وَاللَّيْلِ إِذَا سَجَىٰ
En bij den nacht als die duister wordt.
مَا وَدَّعَكَ رَبُّكَ وَمَا قَلَىٰ
Uw Heer heeft u niet vergeten, en haat u niet.
وَلَلْآخِرَةُ خَيْرٌ لَّكَ مِنَ الْأُولَىٰ
Waarlijk het volgende leven zal beter dan dit tegenwoordige leven voor u wezen.
وَلَسَوْفَ يُعْطِيكَ رَبُّكَ فَتَرْضَىٰ
Uw Heer zal u eene belooning geven, waarover gij wel voldaan zult zijn.
أَلَمْ يَجِدْكَ يَتِيمًا فَآوَىٰ
Vond hij u niet als een wees, en heeft hij geene zorg voor u gedragen?
وَوَجَدَكَ ضَالًّا فَهَدَىٰ
En vond hij u niet dolende in dwaling, en heeft hij u niet de waarheid binnengeleid?

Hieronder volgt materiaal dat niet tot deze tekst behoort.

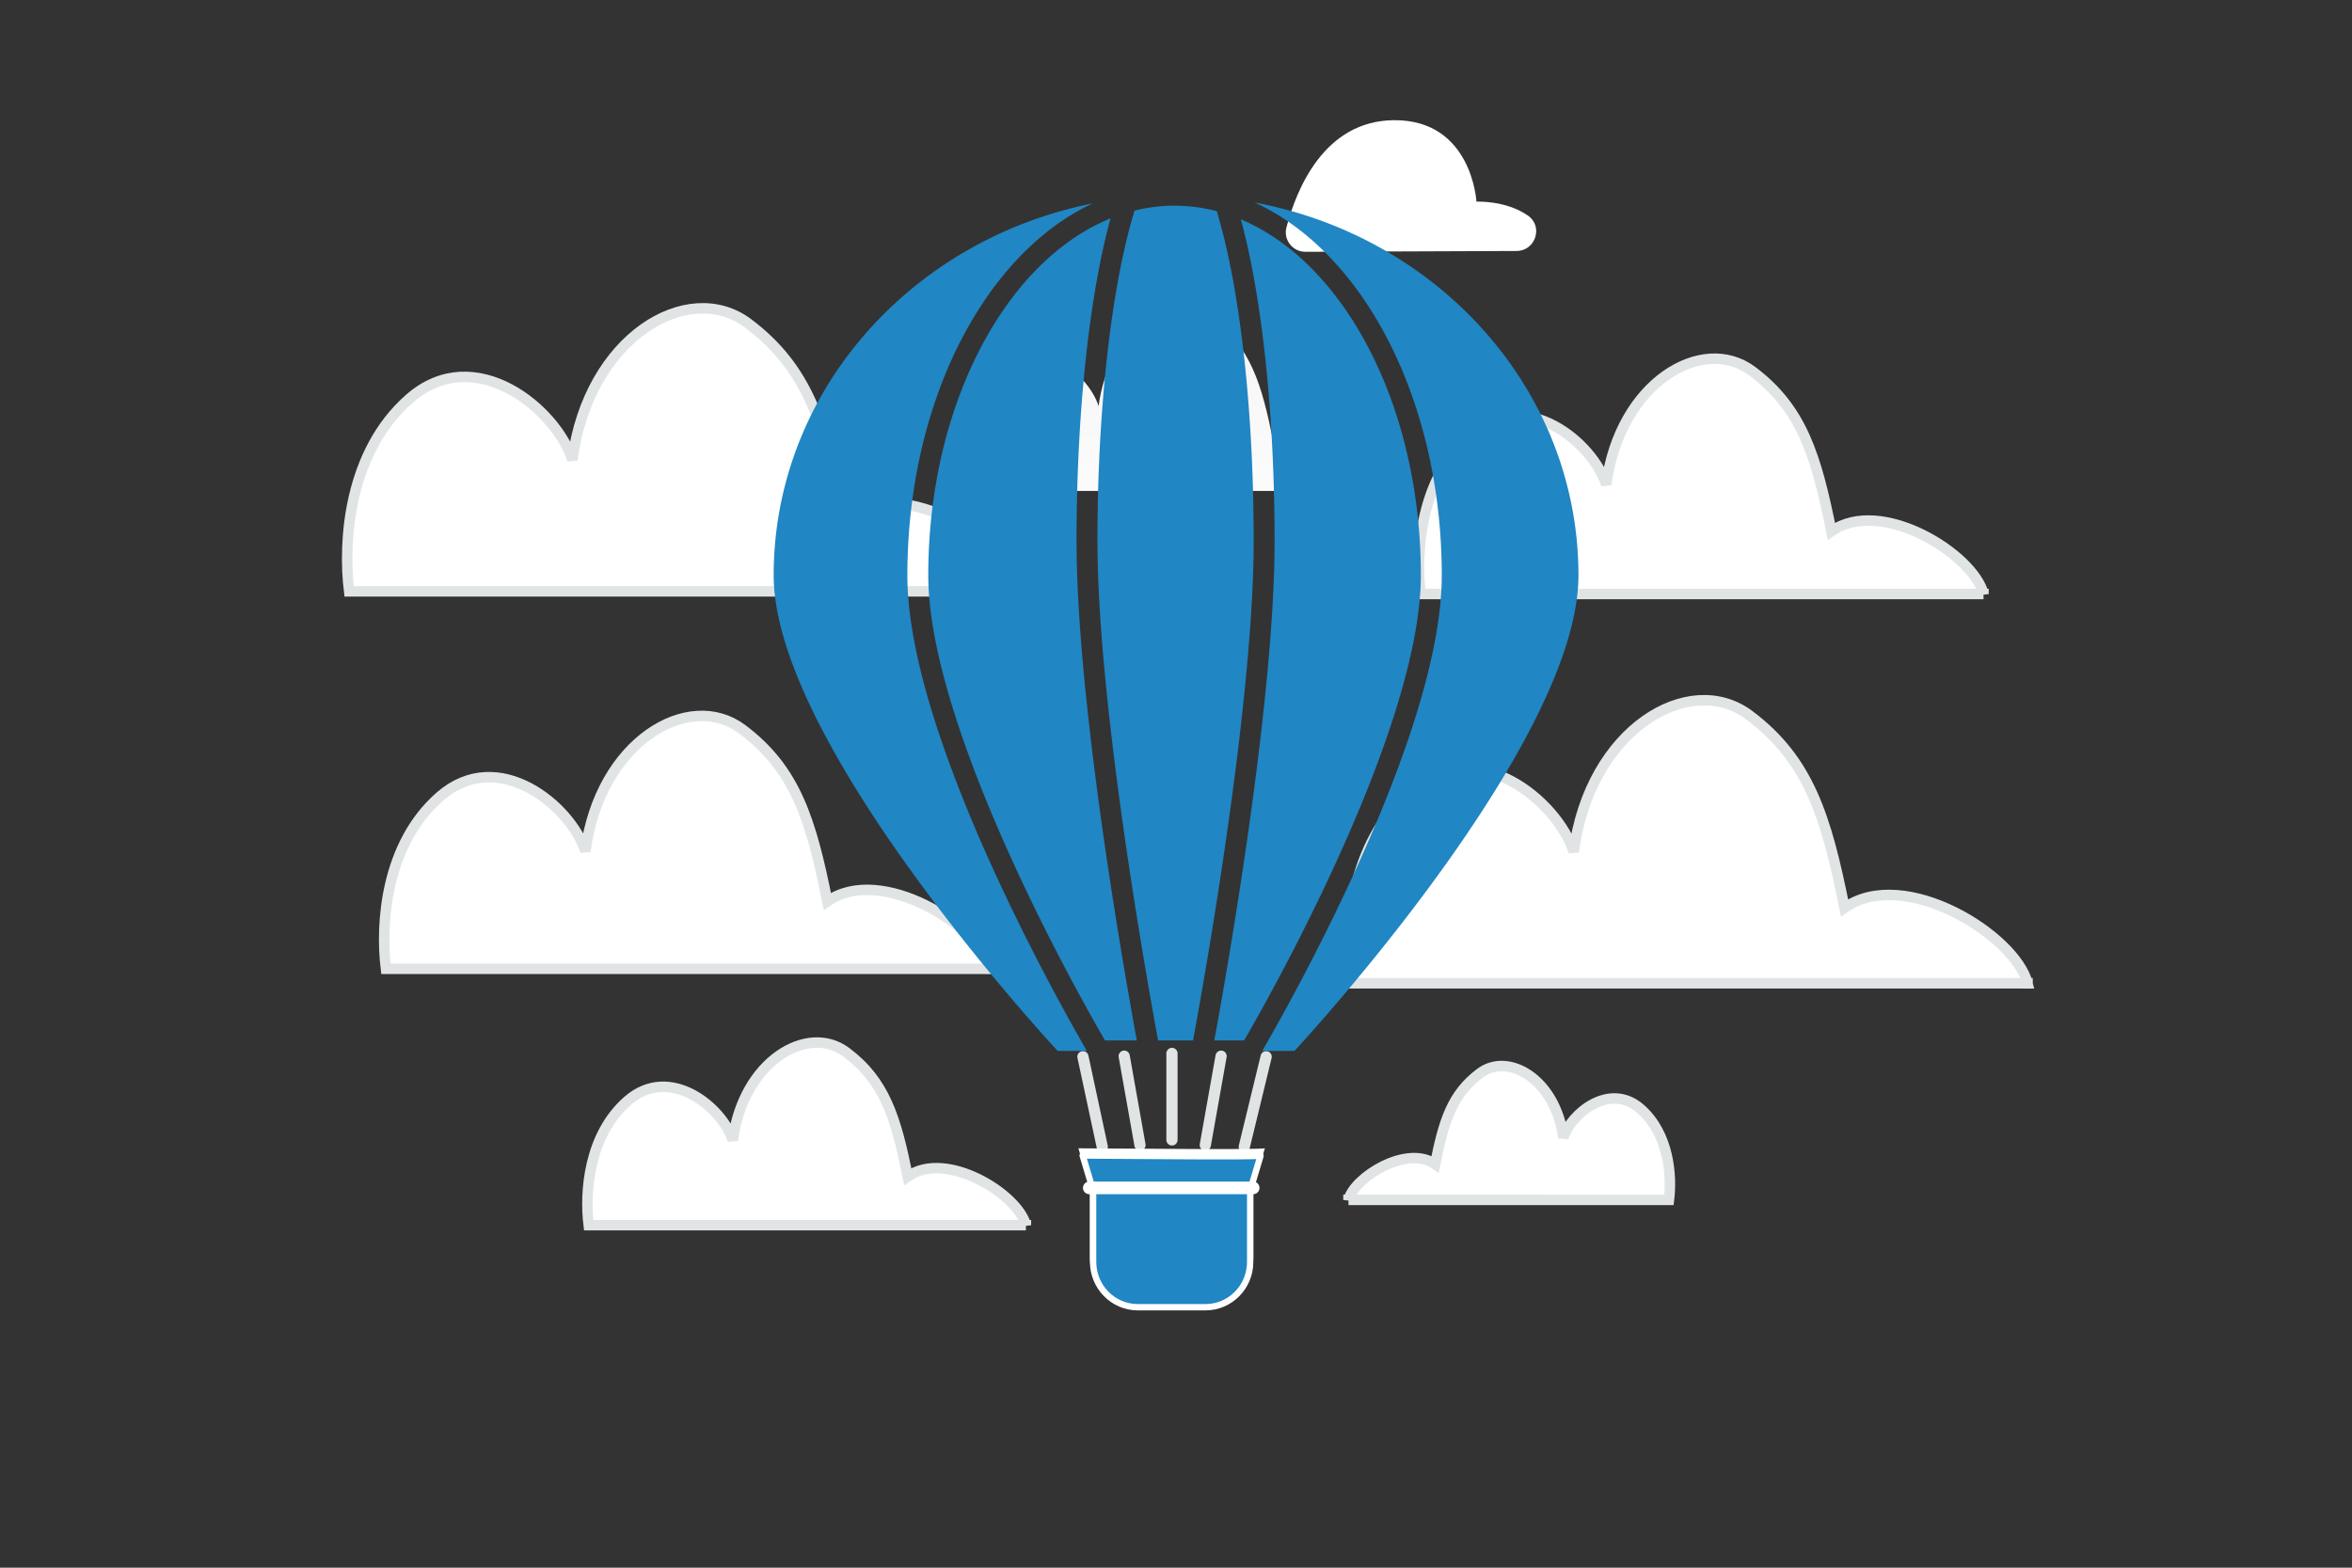 <svg width="900" height="600" viewBox="0 0 900 600" fill="none" xmlns="http://www.w3.org/2000/svg"><rect x="0" y="0" width="900" height="600" fill="#333333" stroke="none"/><path fill="transparent" d="M0 0h900v600H0z"/><path d="M392.689 226.367c-4.518-18.288-47.216-44.997-70.034-28.894-7.003-34.84-13.554-56.567-36.436-73.73-22.882-17.163-61.062 5.271-67.194 52.26-6.132-19.316-37.308-45.35-62.353-23.398-23.172 20.313-25.496 54.349-23.075 73.73h259.092v.032zm-13.53 144.453c-4.037-16.34-42.185-40.202-62.571-25.816-6.257-31.127-12.111-50.539-32.554-65.873-20.444-15.334-54.555 4.709-60.034 46.691-5.478-17.258-33.333-40.517-55.708-20.905-20.703 18.149-22.78 48.558-20.617 65.874h231.484v.029zM759 227.367c-3.756-15.202-39.249-37.404-58.216-24.018-5.821-28.961-11.267-47.022-30.288-61.289-19.021-14.267-50.758 4.382-55.855 43.442-5.098-16.057-31.013-37.698-51.831-19.45-19.262 16.885-21.194 45.178-19.182 61.288H759v.027zm16.848 149c-4.519-18.288-47.216-44.997-70.034-28.894-7.003-34.84-13.555-56.567-36.437-73.73-22.882-17.163-61.061 5.271-67.193 52.26-6.132-19.316-37.309-45.35-62.353-23.398-23.172 20.313-25.496 54.349-23.075 73.73h259.092v.032z" fill="#fff" stroke="#E1E4E5" stroke-width="4"/><path d="M532.518 187.914c-2.918-11.798-30.49-29.03-45.224-18.641-4.522-22.478-8.753-36.495-23.529-47.568-14.775-11.073-39.429 3.401-43.389 33.716-3.96-12.462-24.092-29.258-40.264-15.095-14.963 13.105-16.463 35.064-14.9 47.567h167.306v.021z" fill="url(#a)"/><path d="M392.566 468.929c-2.918-11.799-30.489-29.03-45.223-18.642-4.523-22.477-8.753-36.494-23.529-47.567s-39.43 3.4-43.39 33.716c-3.959-12.462-24.091-29.258-40.263-15.096-14.964 13.105-16.464 35.064-14.901 47.568h167.306v.021zM516 459.25c2.139-8.649 22.35-21.28 33.151-13.665 3.315-16.477 6.416-26.752 17.247-34.869 10.832-8.117 28.904 2.493 31.807 24.715 2.902-9.135 17.66-21.447 29.514-11.065 10.969 9.606 12.069 25.703 10.923 34.869H516v.015z" fill="#fff" stroke="#E1E4E5" stroke-width="4"/><path fill-rule="evenodd" clip-rule="evenodd" d="m499.531 96.37 80.8-.312c7.225-.027 10.303-9.392 4.375-13.519l-.252-.172c-8.439-5.755-19.484-5.187-19.484-5.187S563.273 45.886 533.551 46c-26.871.103-37.485 26.517-41.294 41.061-1.237 4.725 2.389 9.328 7.274 9.308z" fill="#fff"/><path d="M448.458 403.177v33.098" stroke="#E1E4E5" stroke-width="4.288" stroke-linecap="round" stroke-linejoin="round"/><path fill-rule="evenodd" clip-rule="evenodd" d="m409.863 402.3 8.347 38.925-8.347-38.925z" fill="#fff"/><path d="m414.39 404.444 7.393 34.473" stroke="#E1E4E5" stroke-width="4.288" stroke-linecap="round" stroke-linejoin="round"/><path fill-rule="evenodd" clip-rule="evenodd" d="m489.024 402.3-9.453 38.925 9.453-38.925z" fill="#fff"/><path d="m484.497 404.444-8.372 34.473" stroke="#E1E4E5" stroke-width="4.288" stroke-linecap="round" stroke-linejoin="round"/><path fill-rule="evenodd" clip-rule="evenodd" d="m469.554 402.057-6.824 38.428 6.824-38.428z" fill="#fff"/><path d="m467.254 404.229-6.044 34.033" stroke="#E1E4E5" stroke-width="4.288" stroke-linecap="round" stroke-linejoin="round"/><path fill-rule="evenodd" clip-rule="evenodd" d="m427.693 402.057 6.823 38.428-6.823-38.428z" fill="#fff"/><path d="m430.181 404.229 6.042 34.033" stroke="#E1E4E5" stroke-width="4.288" stroke-linecap="round" stroke-linejoin="round"/><path fill-rule="evenodd" clip-rule="evenodd" d="M424.947 83.589c-15.796 6.401-30.101 18.881-41.652 35.984-17.275 25.58-28.09 61.145-28.09 100.626 0 15.748 4.189 34.842 10.64 54.819 6.433 19.923 15.029 40.469 23.656 59.043 8.622 18.565 17.248 35.104 23.72 47.003a762.542 762.542 0 0 0 7.813 14.025c.725 1.268 1.33 2.315 1.8 3.123h12.182l-.117-.638c-.656-3.568-1.593-8.739-2.716-15.164a2098.348 2098.348 0 0 1-8.238-50.775c-5.98-40.057-12.002-89.139-12.002-124.572 0-43.302 3.808-82.623 10.017-111.223a235.5 235.5 0 0 1 2.987-12.251zm31.568 314.623h-13.363c-.115-.617-.243-1.313-.385-2.085-.652-3.547-1.585-8.696-2.704-15.095a2085.405 2085.405 0 0 1-8.205-50.578c-5.978-40.038-11.915-88.605-11.915-123.391 0-42.907 3.779-81.632 9.835-109.526 1.358-6.254 2.821-11.92 4.366-16.94a63.716 63.716 0 0 1 15.306-1.87c5.484 0 10.877.71 16.138 2.082 1.521 4.967 2.962 10.562 4.301 16.728 6.056 27.894 9.835 66.619 9.835 109.526 0 34.786-5.937 83.353-11.915 123.391a2089.688 2089.688 0 0 1-8.206 50.578 1786.092 1786.092 0 0 1-2.96 16.491l-.128.689zm8.136 0h11.417c.469-.808 1.074-1.855 1.799-3.123a756.566 756.566 0 0 0 7.813-14.025c6.472-11.899 15.098-28.438 23.72-47.003 8.626-18.574 17.222-39.12 23.655-59.043 6.451-19.977 10.641-39.071 10.641-54.819 0-39.481-10.815-75.046-28.091-100.626-11.339-16.79-25.333-29.125-40.787-35.627a236.91 236.91 0 0 1 2.889 11.894c6.21 28.6 10.017 67.921 10.017 111.223 0 35.433-6.022 84.515-12.003 124.572a2094.064 2094.064 0 0 1-8.237 50.775 1761.715 1761.715 0 0 1-2.716 15.164l-.117.638zm-87.985-283.116c11.298-16.73 25.426-29.74 41.389-37.23C348.359 91.77 296.049 150.213 296.049 220.2c0 65.442 108.666 182.013 108.666 182.013h11.19a591.03 591.03 0 0 1-1.815-3.151 763.528 763.528 0 0 1-7.896-14.175c-6.529-12.003-15.237-28.697-23.949-47.455-8.708-18.749-17.445-39.615-24.013-59.955-6.55-20.285-11.027-40.303-11.027-57.277 0-40.861 11.178-78.033 29.461-105.103zm145.569 0c-11.492-17.017-25.911-30.184-42.212-37.61C550.702 90.672 604 149.555 604 220.2c0 65.442-108.667 182.013-108.667 182.013h-12.337c.477-.82 1.087-1.877 1.816-3.151a772.855 772.855 0 0 0 7.896-14.175c6.528-12.003 15.236-28.697 23.948-47.455 8.707-18.749 17.445-39.615 24.012-59.955 6.55-20.285 11.028-40.303 11.028-57.277 0-40.861-11.179-78.033-29.461-105.103z" fill="#2086c4"/><path fill-rule="evenodd" clip-rule="evenodd" d="M461.271 499.982h-25.883c-10.115 0-18.315-8.303-18.315-18.543v-27.174l-4.426-14.776c27.424.12 65.907.601 71.363 0l-4.424 14.776v27.174c0 10.24-8.201 18.543-18.315 18.543z" fill="#fff"/><path d="M418.284 455.806c0-.117-.017-.234-.051-.347l-3.957-13.211c6.41.031 13.361.079 20.316.128h.035c7.537.052 15.078.105 21.934.135 6.867.03 13.052.038 17.863 0 3.368-.026 6.102-.075 7.926-.156l-3.924 13.104c-.034.113-.051.23-.051.347v27.174c0 9.586-7.673 17.332-17.104 17.332h-25.883c-9.432 0-17.104-7.746-17.104-17.332v-27.174z" fill="#2086c4" stroke="#fff" stroke-width="2.421" stroke-linecap="round" stroke-linejoin="round"/><path d="M416.824 454.643h62.699" stroke="#fff" stroke-width="4.842" stroke-linecap="round" stroke-linejoin="round"/><defs><linearGradient id="a" x1="452.198" y1="227.112" x2="451.3" y2="41.925" gradientUnits="userSpaceOnUse"><stop stop-color="#fff"/><stop offset="1" stop-color="#EEE"/></linearGradient></defs></svg>

وَوَجَدَكَ عَائِلًا فَأَغْنَىٰ
En vond hij u niet nooddruftig, en heeft hij u niet verrijkt?
فَأَمَّا الْيَتِيمَ فَلَا تَقْهَرْ
Verdruk daarom den wees niet.
وَأَمَّا السَّائِلَ فَلَا تَنْهَرْ
Noch verdrijf den bedelaar;
وَأَمَّا بِنِعْمَةِ رَبِّكَ فَحَدِّثْ
Maar verklaar Gods goedheid.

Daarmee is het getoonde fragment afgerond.